There was selling pressure built into the markets on Monday morning as many of the outstanding
positions were not squared off on Friday in the previous week.
The market opened on Monday morning and with the start of working day some brokers with large
outstanding positions, some banks and stock exchanges started to sell heavily. Within no matter of
time the market lost 500 points. The institutional brokers were considered to have been selling on
behalf of hedge funds, which changes the market trend rather quickly. The banks and finance
companies, indulged in margin lending, were the other set of sellers. While banks sell securities to
avoid taking on the market risk in the event clients are unable to bring in additional margins in the
prescribed time. According to market analysts most of the selling in the first few minutes of trading
on Monday were market orders, or orders to sell at best available market prices. In the absence of
many buyers, market orders brought down the sensex in no time. The imbalance in the market
was reflected in the futures prices of most prominent shares, which quoted at very steep discounts
to spot prices. According to experts the fall was result of market manipulation by a group of market
players. Market manipulation is neither illegal nor a fraud but it creates a false market, distorts
price set and leads to wrong resource allocation signals to the rest of the economy. The PSU
companies suffered most, which were in the disinvestments list.

Sensitivity of the Index


Black Monday was the result of a single comment made by Sitaram Yechury about the closure of
disinvestments department. The capital market panicked speculating the rolling back of the
economy because of left's presence in the government. Over the period of time the market trend is
becoming dangerously sensitive towards politics. Of course politics does play an important role to
give direction to the economy but excessive reactions is certainly a matter of concern. Even when
the exit poll after the second round of election came market slumped as it came to know that NDA
is not getting clear majority.
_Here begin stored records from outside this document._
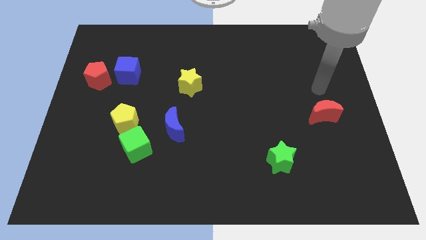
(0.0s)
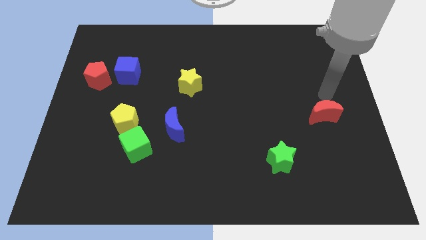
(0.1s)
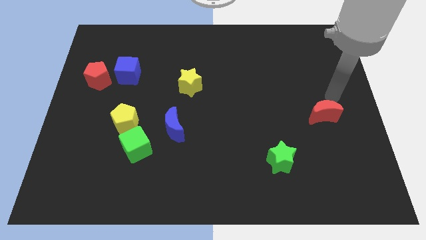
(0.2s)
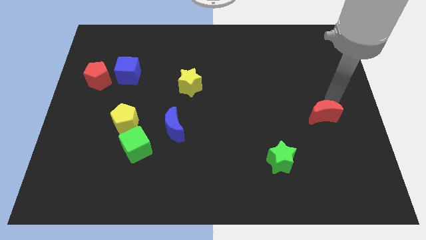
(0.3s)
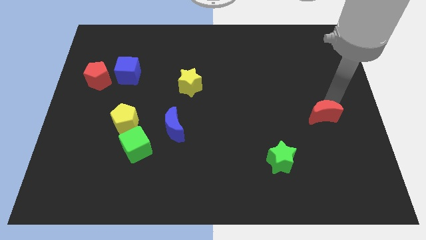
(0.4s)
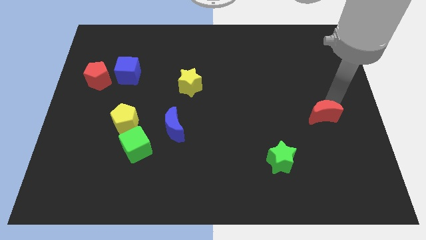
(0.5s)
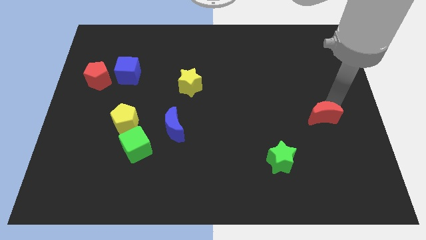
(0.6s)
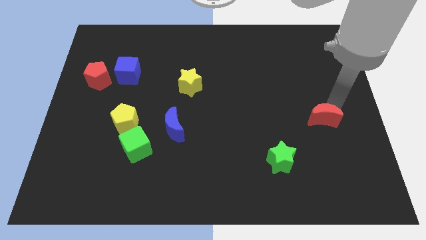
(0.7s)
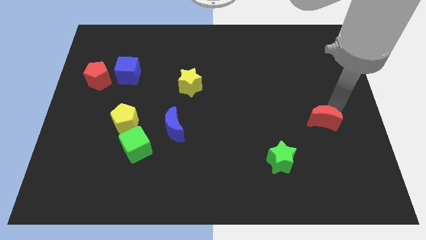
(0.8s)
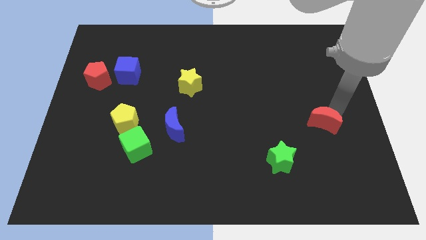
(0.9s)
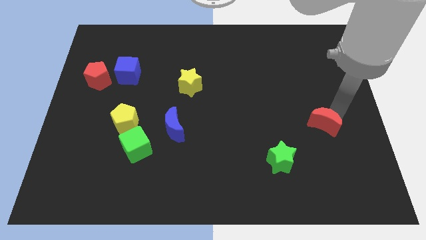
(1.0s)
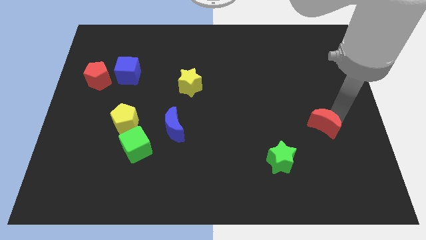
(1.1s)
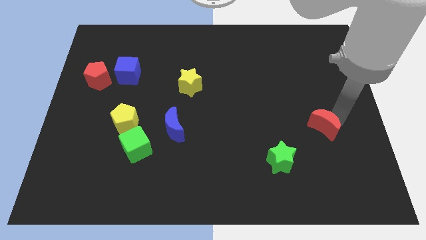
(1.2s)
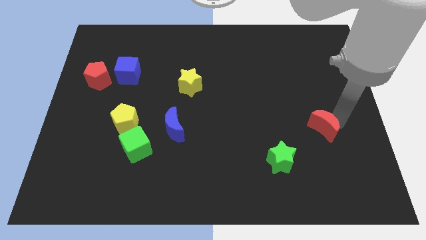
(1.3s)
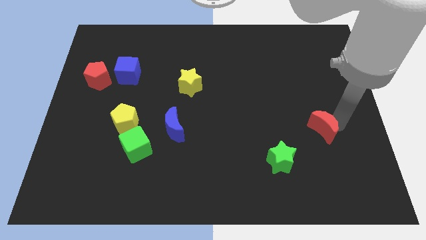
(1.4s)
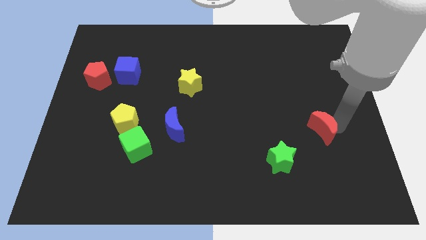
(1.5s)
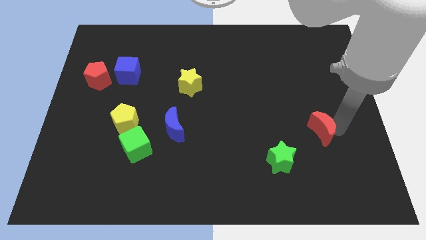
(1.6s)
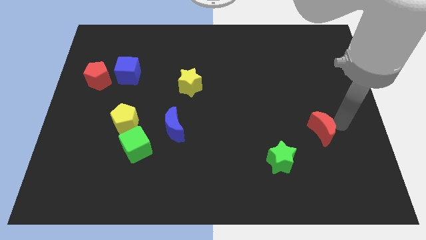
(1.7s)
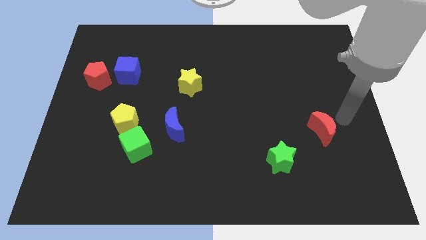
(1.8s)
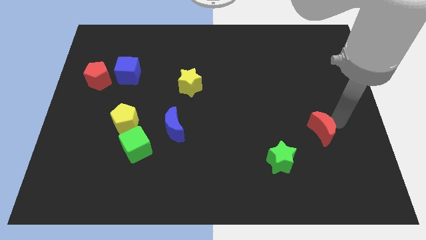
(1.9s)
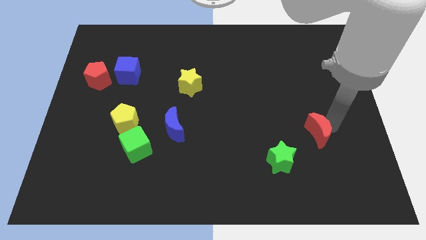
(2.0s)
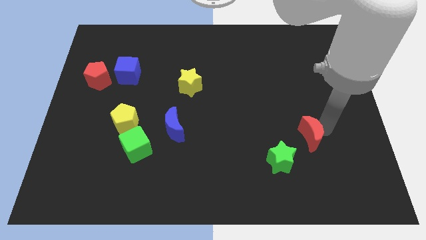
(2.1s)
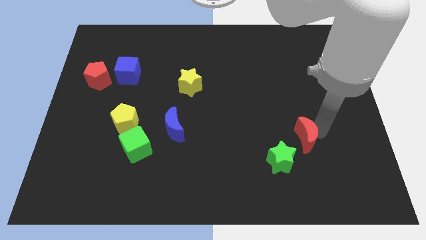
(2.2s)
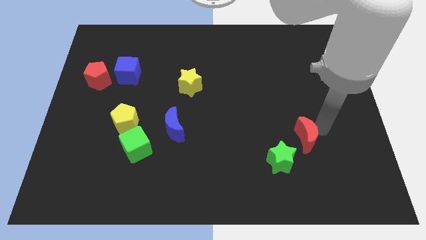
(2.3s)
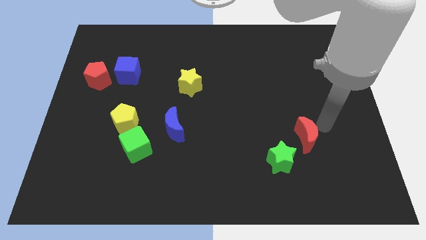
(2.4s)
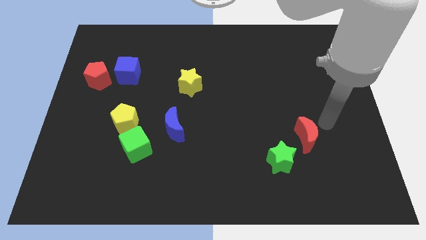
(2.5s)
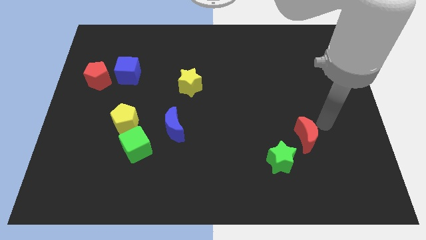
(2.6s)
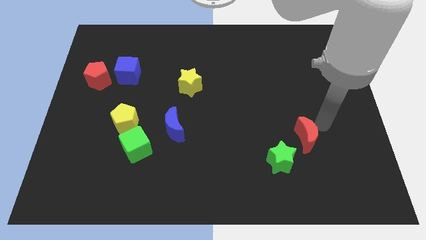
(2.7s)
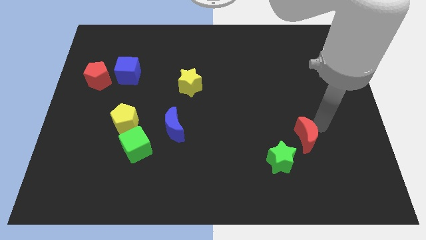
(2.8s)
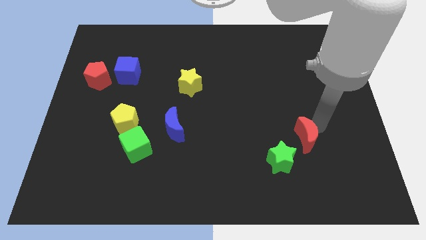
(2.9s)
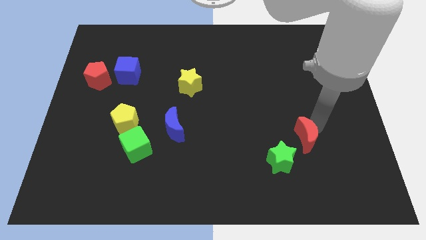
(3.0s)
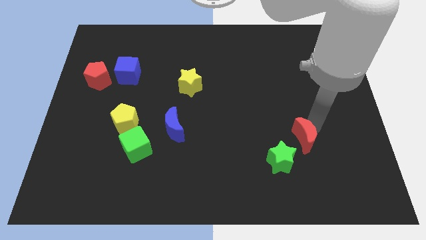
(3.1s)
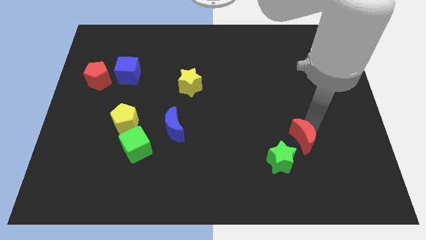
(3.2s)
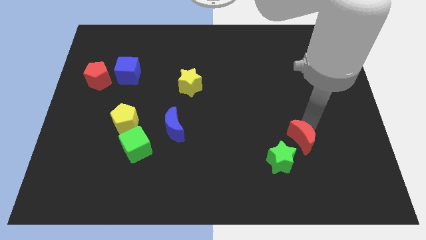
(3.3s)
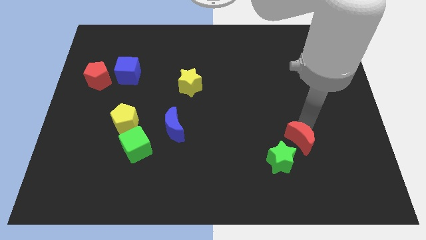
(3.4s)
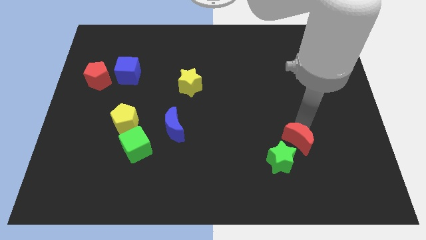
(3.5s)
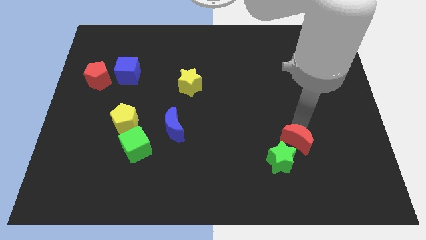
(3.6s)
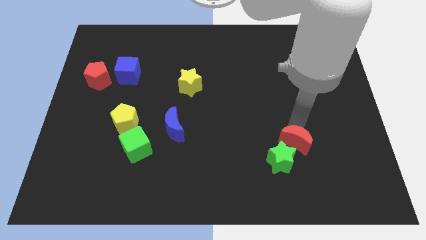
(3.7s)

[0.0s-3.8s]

What investors should look into is country's strength in infrastructure,
resources, growth rate, educational system, various company's future plans and performance etc.,
but they look into political comments, speculations over false or baseless rumours, whether
monsoon is good or not, etc., instead and react instantly. These all make the capital market rather
unbalanced and uncertain and investors go frenzy over completely unrelated matters.

According to some experts the market should be closed for one week when the results of election
are due to come. At least it would have given breathing space to the investors and they could have
a clear picture of the future path of economy before making next investment decision.